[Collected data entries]
□ □ □ □ □ □ □

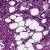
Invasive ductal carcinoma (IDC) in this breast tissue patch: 0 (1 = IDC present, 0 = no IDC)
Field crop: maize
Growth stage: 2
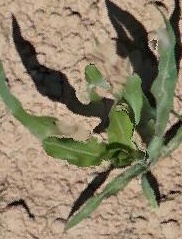
Species: maize
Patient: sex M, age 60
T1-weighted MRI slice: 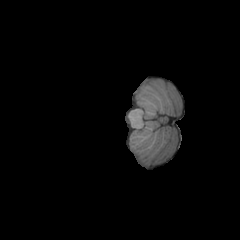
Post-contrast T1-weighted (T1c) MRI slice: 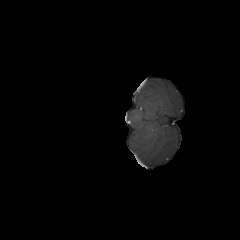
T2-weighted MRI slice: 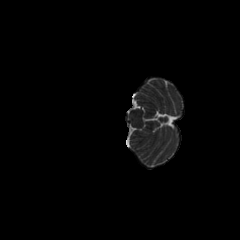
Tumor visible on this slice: no
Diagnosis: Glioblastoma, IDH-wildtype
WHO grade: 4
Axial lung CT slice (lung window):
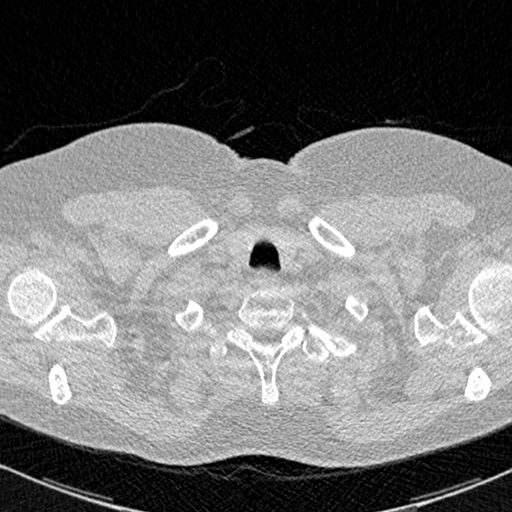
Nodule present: no
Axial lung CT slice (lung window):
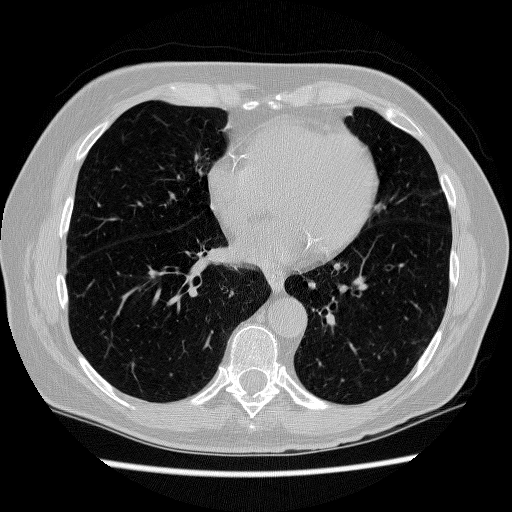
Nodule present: no
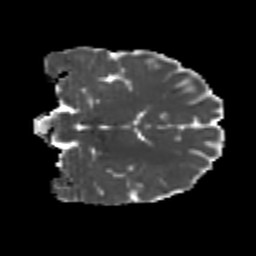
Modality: MD
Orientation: coronal
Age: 21
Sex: male
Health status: healthy
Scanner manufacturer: philips
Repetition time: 7.386 s
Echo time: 0.08599 s
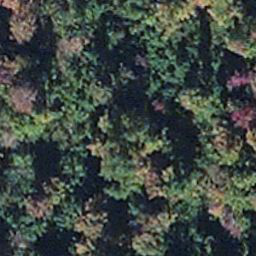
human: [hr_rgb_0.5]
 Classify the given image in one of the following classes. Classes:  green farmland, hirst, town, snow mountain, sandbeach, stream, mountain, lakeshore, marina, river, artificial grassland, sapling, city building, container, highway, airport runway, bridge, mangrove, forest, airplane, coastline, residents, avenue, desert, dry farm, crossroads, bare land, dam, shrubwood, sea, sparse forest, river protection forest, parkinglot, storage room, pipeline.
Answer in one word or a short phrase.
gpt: mangrove
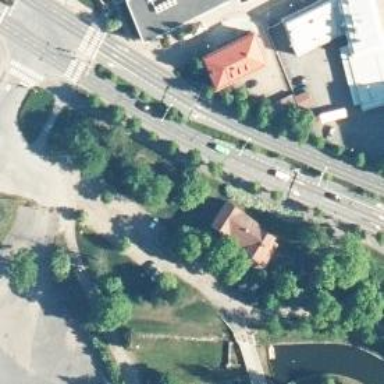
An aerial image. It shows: Grassy area with kerb barrier.
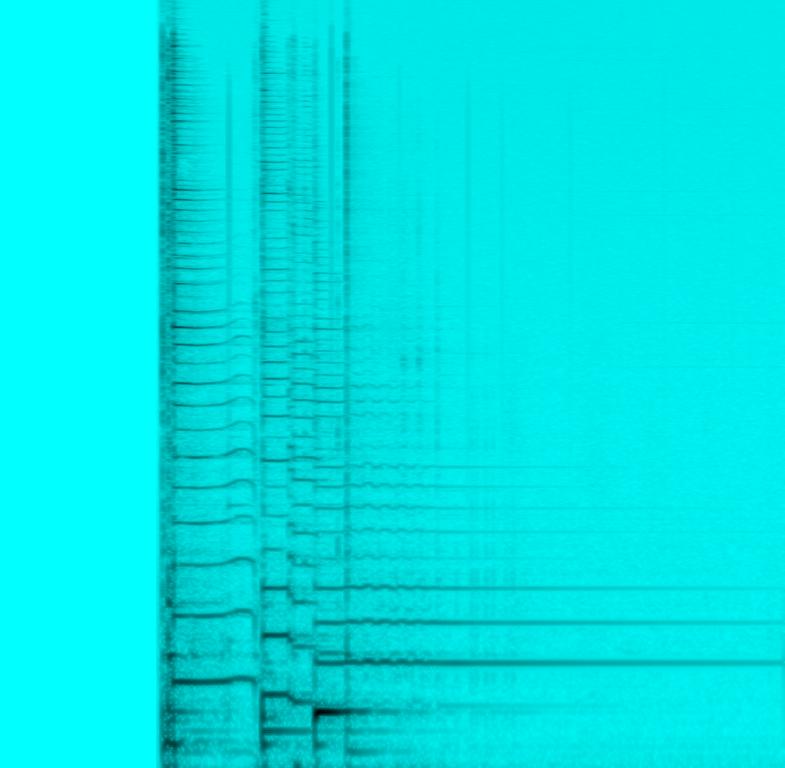
This instrumental song features an acoustic guitar being played. The strings are raked followed by a bend to a higher note. This is followed by a descending run using three notes. This song has a blues feel. There are no other instruments in this song. There are no voices in this song. This song can be played in a Wild West movie.
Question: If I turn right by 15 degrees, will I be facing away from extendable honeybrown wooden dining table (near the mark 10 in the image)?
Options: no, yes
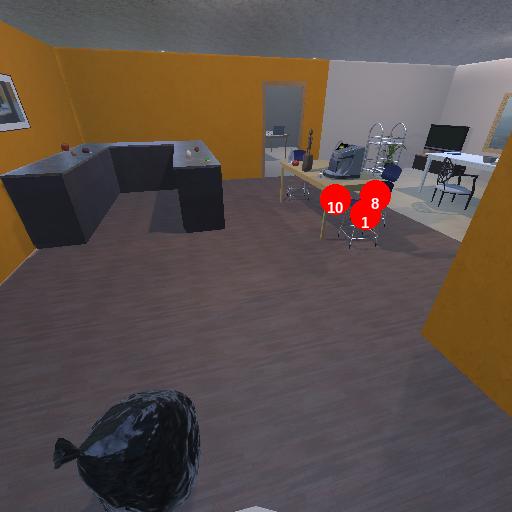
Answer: no
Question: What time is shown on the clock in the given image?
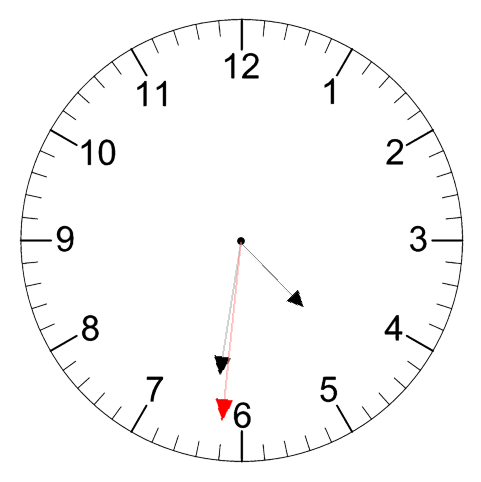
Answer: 04:31:31
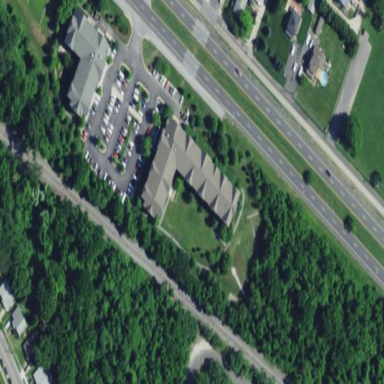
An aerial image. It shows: View of apartment building.
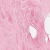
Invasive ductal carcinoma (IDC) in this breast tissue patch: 0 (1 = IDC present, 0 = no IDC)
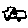
Label: car
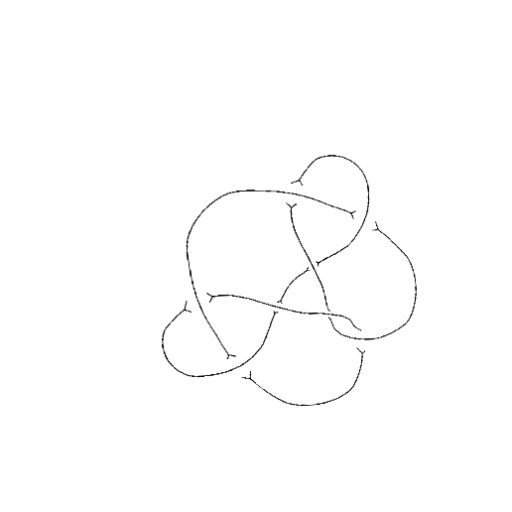
Crossing number: 8
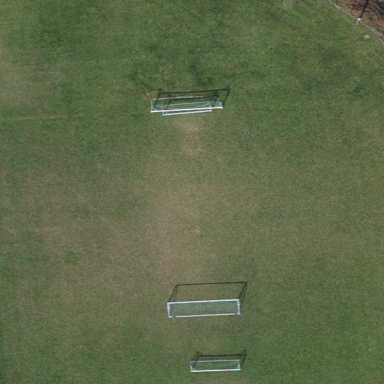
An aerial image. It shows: Grass pitch used for football.
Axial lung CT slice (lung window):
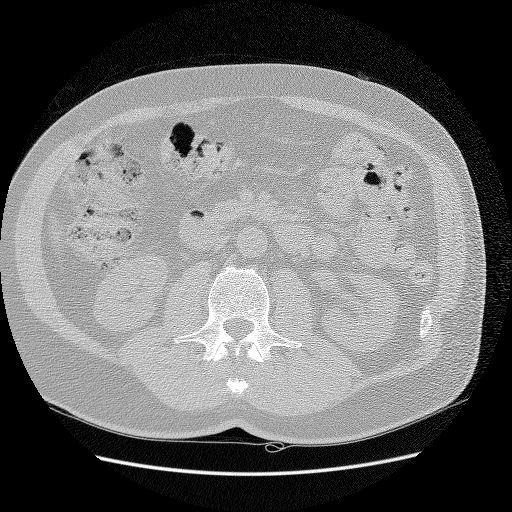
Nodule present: no
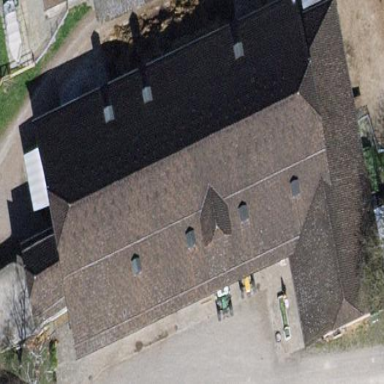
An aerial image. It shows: Farm building.
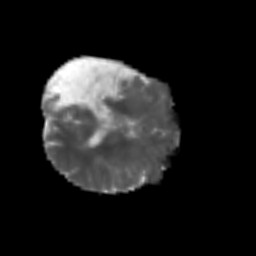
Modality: MD
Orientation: axial
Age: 58
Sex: male
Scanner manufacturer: siemens
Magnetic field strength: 3 T
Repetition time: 3.2 s
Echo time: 0.081 s
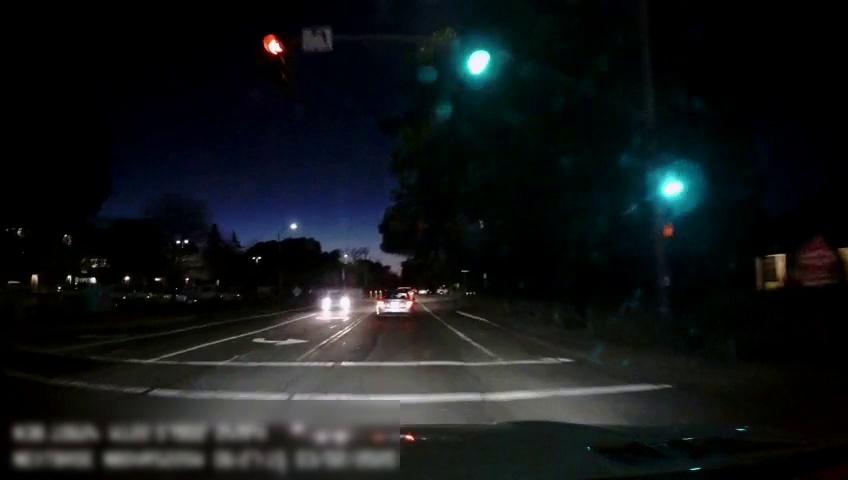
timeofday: Night
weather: Cloudy
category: Drivable Space
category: Vehicles | Car
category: Vehicles | SUV
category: Vehicles | Car
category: Vehicles | SUV
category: Lanes | Current Lane
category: Lanes | Opposite Lane
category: Lanes | Opposite Lane
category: Lanes | Current Lane
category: Traffic | Lights
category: Traffic | Lights
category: Traffic | Lights
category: Traffic | Signs
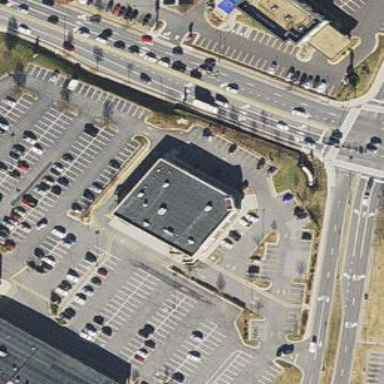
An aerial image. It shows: Retail building.
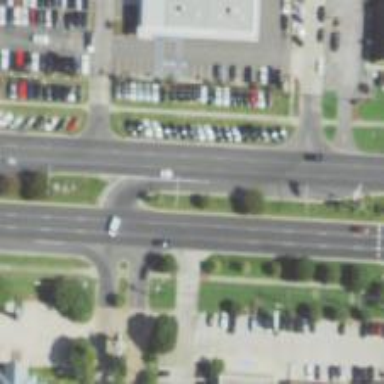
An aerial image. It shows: Primary link road with asphalt surface.
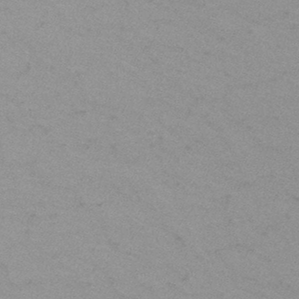
Label: frost
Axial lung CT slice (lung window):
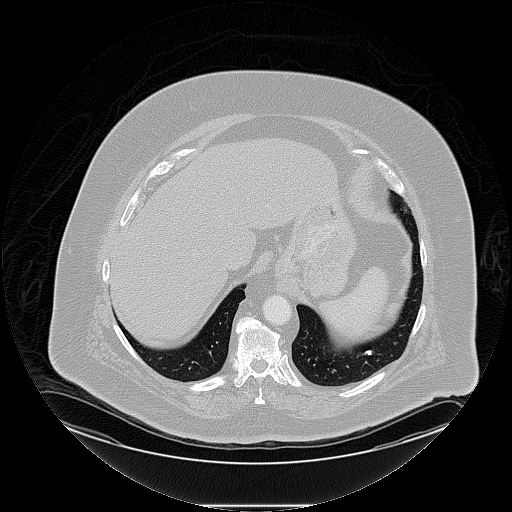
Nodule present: yes
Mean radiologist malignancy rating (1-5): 1.333
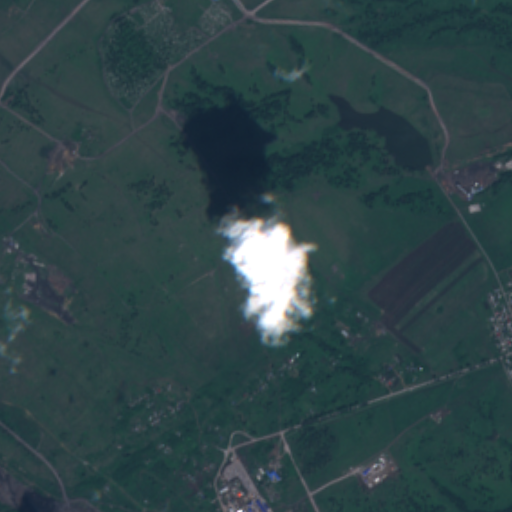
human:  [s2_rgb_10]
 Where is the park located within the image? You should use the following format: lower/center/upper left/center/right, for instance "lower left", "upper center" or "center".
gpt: The park is located in the upper left of the image.
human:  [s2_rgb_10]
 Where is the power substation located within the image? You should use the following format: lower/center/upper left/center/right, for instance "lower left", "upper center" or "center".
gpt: The power substation is located in the lower center of the image.
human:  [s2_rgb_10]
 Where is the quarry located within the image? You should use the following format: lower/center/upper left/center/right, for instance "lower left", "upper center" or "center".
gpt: There is no quarry in the image.
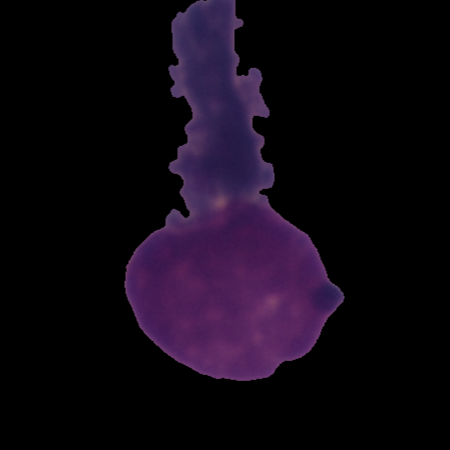
Label: healthy
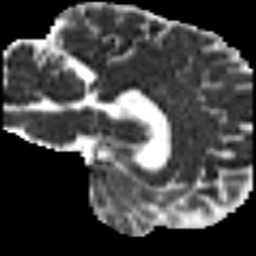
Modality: MD
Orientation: sagittal
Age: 49
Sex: male
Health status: healthy
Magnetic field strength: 3 T
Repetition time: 8.4 s
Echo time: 0.0926 s
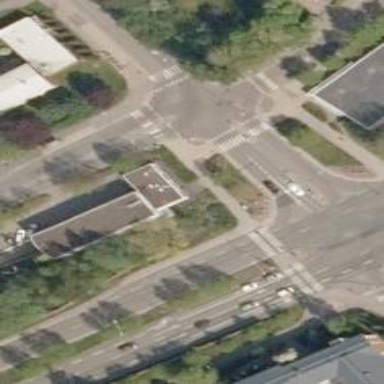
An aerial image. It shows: Asphalt cycleway.
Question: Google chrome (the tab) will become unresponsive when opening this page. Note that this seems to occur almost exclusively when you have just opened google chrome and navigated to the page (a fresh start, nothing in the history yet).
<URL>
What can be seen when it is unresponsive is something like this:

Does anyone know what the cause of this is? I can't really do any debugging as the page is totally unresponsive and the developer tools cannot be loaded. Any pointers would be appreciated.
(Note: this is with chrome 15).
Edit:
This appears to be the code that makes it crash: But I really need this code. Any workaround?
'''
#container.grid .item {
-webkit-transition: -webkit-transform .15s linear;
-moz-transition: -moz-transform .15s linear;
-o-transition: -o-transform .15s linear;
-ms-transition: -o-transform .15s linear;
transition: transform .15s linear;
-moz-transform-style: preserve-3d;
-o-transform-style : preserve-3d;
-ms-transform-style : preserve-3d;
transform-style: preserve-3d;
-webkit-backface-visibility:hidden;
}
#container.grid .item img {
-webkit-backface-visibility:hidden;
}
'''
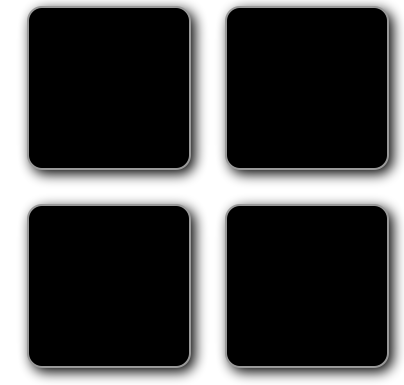
Answer: Also tested in Chrome 16 - no console errors - watched for about two minutes, while continuously hovering in and out of thumbnails. Monitored memory usage at the same time - no increase. Sorry couldn't be of more help.
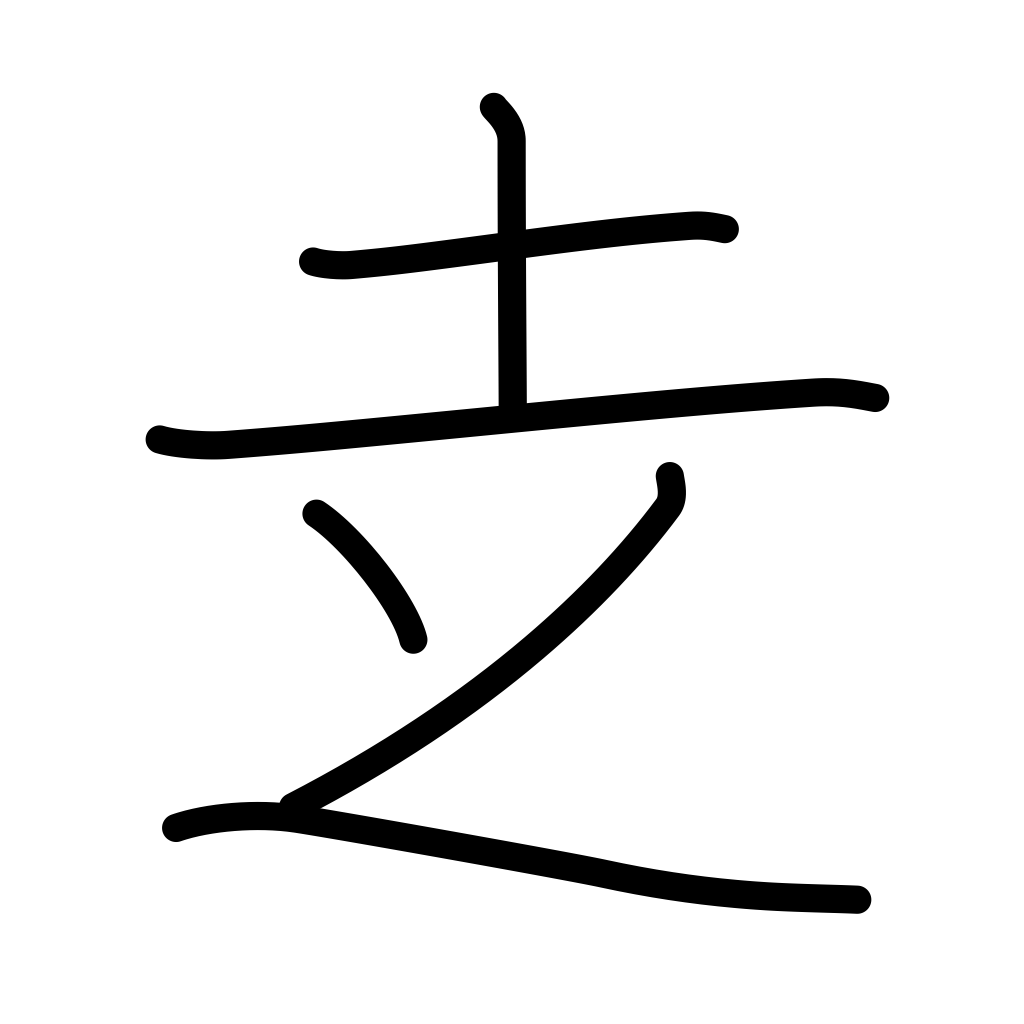
Meaning: walk, go on foot, run, leave
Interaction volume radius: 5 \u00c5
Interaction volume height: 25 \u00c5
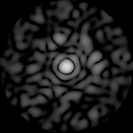
Disorder parameter: 0.842
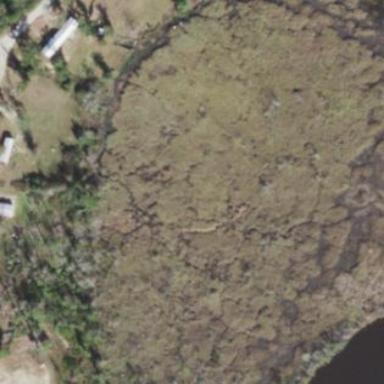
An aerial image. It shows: Marshy wetland area.
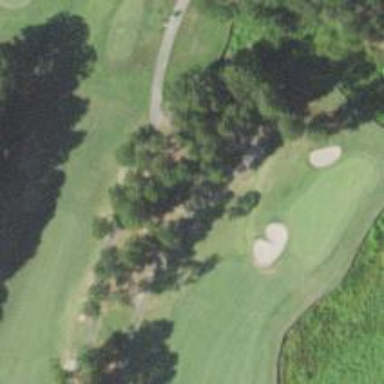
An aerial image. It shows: Path for both road and golf.
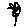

□ □ □ □ □ □ □

[TASK]
All of the records above are to be written out exactly, minus their images.

[WRITTEN RESPONSE]
Invasive ductal carcinoma (IDC) in this breast tissue patch: 0 (1 = IDC present, 0 = no IDC)
Field crop: maize
Growth stage: 2
Species: maize
Patient: sex M, age 60
T1-weighted MRI slice: 
Post-contrast T1-weighted (T1c) MRI slice: 
T2-weighted MRI slice: 
Tumor visible on this slice: no
Diagnosis: Glioblastoma, IDH-wildtype
WHO grade: 4
Axial lung CT slice (lung window):
Nodule present: no
Axial lung CT slice (lung window):
Nodule present: no
Modality: MD
Orientation: coronal
Age: 21
Sex: male
Health status: healthy
Scanner manufacturer: philips
Repetition time: 7.386 s
Echo time: 0.08599 s
human: [hr_rgb_0.5]
 Classify the given image in one of the following classes. Classes:  green farmland, hirst, town, snow mountain, sandbeach, stream, mountain, lakeshore, marina, river, artificial grassland, sapling, city building, container, highway, airport runway, bridge, mangrove, forest, airplane, coastline, residents, avenue, desert, dry farm, crossroads, bare land, dam, shrubwood, sea, sparse forest, river protection forest, parkinglot, storage room, pipeline.
Answer in one word or a short phrase.
gpt: mangrove
An aerial image. It shows: Grassy area with kerb barrier.
This instrumental song features an acoustic guitar being played. The strings are raked followed by a bend to a higher note. This is followed by a descending run using three notes. This song has a blues feel. There are no other instruments in this song. There are no voices in this song. This song can be played in a Wild West movie.
Question: If I turn right by 15 degrees, will I be facing away from extendable honeybrown wooden dining table (near the mark 10 in the image)?
Options: no, yes
Answer: no
Question: What time is shown on the clock in the given image?
Answer: 04:31:31
An aerial image. It shows: View of apartment building.
Invasive ductal carcinoma (IDC) in this breast tissue patch: 0 (1 = IDC present, 0 = no IDC)
Label: car
Crossing number: 8
An aerial image. It shows: Grass pitch used for football.
Axial lung CT slice (lung window):
Nodule present: no
An aerial image. It shows: Farm building.
Modality: MD
Orientation: axial
Age: 58
Sex: male
Scanner manufacturer: siemens
Magnetic field strength: 3 T
Repetition time: 3.2 s
Echo time: 0.081 s
timeofday: Night
weather: Cloudy
category: Drivable Space
category: Vehicles | Car
category: Vehicles | SUV
category: Vehicles | Car
category: Vehicles | SUV
category: Lanes | Current Lane
category: Lanes | Opposite Lane
category: Lanes | Opposite Lane
category: Lanes | Current Lane
category: Traffic | Lights
category: Traffic | Lights
category: Traffic | Lights
category: Traffic | Signs
An aerial image. It shows: Retail building.
An aerial image. It shows: Primary link road with asphalt surface.
Label: frost
Axial lung CT slice (lung window):
Nodule present: yes
Mean radiologist malignancy rating (1-5): 1.333
human:  [s2_rgb_10]
 Where is the park located within the image? You should use the following format: lower/center/upper left/center/right, for instance "lower left", "upper center" or "center".
gpt: The park is located in the upper left of the image.
human:  [s2_rgb_10]
 Where is the power substation located within the image? You should use the following format: lower/center/upper left/center/right, for instance "lower left", "upper center" or "center".
gpt: The power substation is located in the lower center of the image.
human:  [s2_rgb_10]
 Where is the quarry located within the image? You should use the following format: lower/center/upper left/center/right, for instance "lower left", "upper center" or "center".
gpt: There is no quarry in the image.
Label: healthy
Modality: MD
Orientation: sagittal
Age: 49
Sex: male
Health status: healthy
Magnetic field strength: 3 T
Repetition time: 8.4 s
Echo time: 0.0926 s
An aerial image. It shows: Asphalt cycleway.
Question: Google chrome (the tab) will become unresponsive when opening this page. Note that this seems to occur almost exclusively when you have just opened google chrome and navigated to the page (a fresh start, nothing in the history yet).
<URL>
What can be seen when it is unresponsive is something like this:

Does anyone know what the cause of this is? I can't really do any debugging as the page is totally unresponsive and the developer tools cannot be loaded. Any pointers would be appreciated.
(Note: this is with chrome 15).
Edit:
This appears to be the code that makes it crash: But I really need this code. Any workaround?
'''
#container.grid .item {
-webkit-transition: -webkit-transform .15s linear;
-moz-transition: -moz-transform .15s linear;
-o-transition: -o-transform .15s linear;
-ms-transition: -o-transform .15s linear;
transition: transform .15s linear;
-moz-transform-style: preserve-3d;
-o-transform-style : preserve-3d;
-ms-transform-style : preserve-3d;
transform-style: preserve-3d;
-webkit-backface-visibility:hidden;
}
#container.grid .item img {
-webkit-backface-visibility:hidden;
}
'''
Answer: Also tested in Chrome 16 - no console errors - watched for about two minutes, while continuously hovering in and out of thumbnails. Monitored memory usage at the same time - no increase. Sorry couldn't be of more help.
Meaning: walk, go on foot, run, leave
Interaction volume radius: 5 \u00c5
Interaction volume height: 25 \u00c5
Disorder parameter: 0.842
An aerial image. It shows: Marshy wetland area.
An aerial image. It shows: Path for both road and golf.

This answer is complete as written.